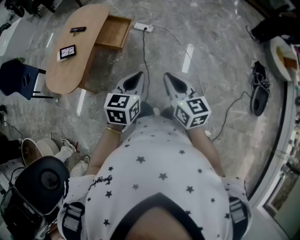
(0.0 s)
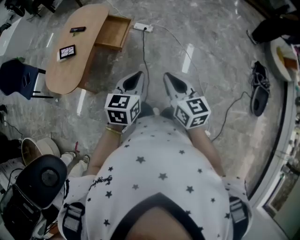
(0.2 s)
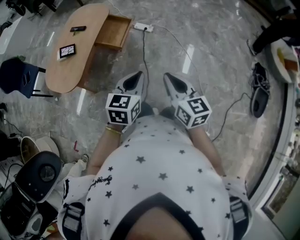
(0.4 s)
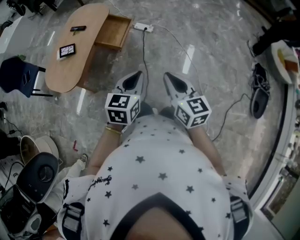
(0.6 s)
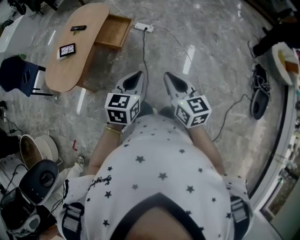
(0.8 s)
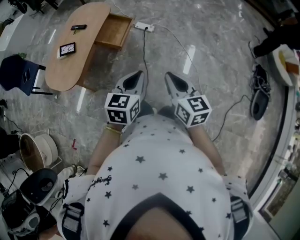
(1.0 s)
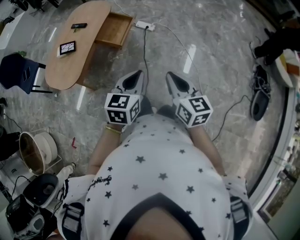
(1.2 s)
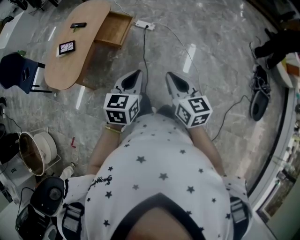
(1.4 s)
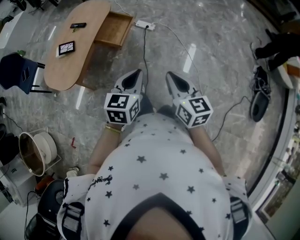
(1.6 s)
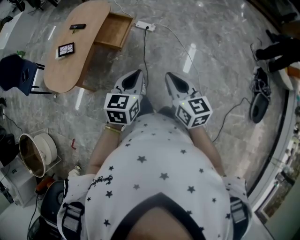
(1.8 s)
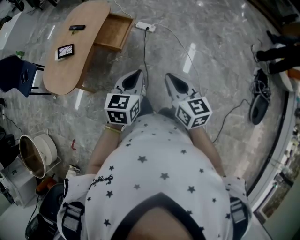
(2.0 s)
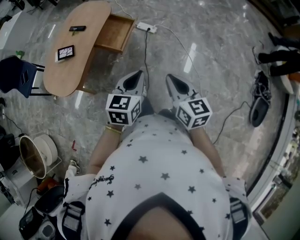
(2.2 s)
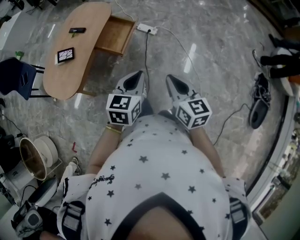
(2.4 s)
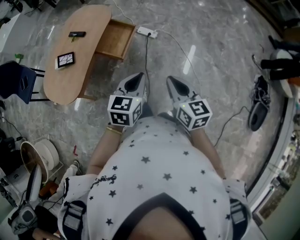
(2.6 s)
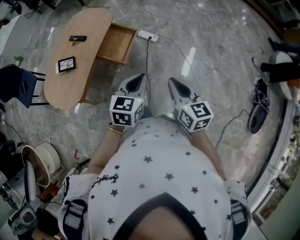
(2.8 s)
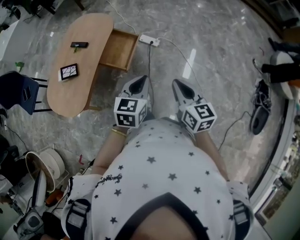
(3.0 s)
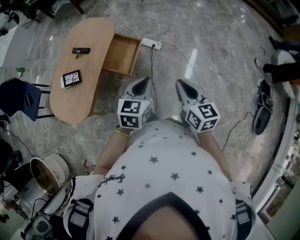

──────────

> **Task objective**:
Each entry must be reproduced word for word, and any image among them left out.

> **Exercise answer**:
(0.0 s)
(0.2 s)
(0.4 s)
(0.6 s)
(0.8 s)
(1.0 s)
(1.2 s)
(1.4 s)
(1.6 s)
(1.8 s)
(2.0 s)
(2.2 s)
(2.4 s)
(2.6 s)
(2.8 s)
(3.0 s)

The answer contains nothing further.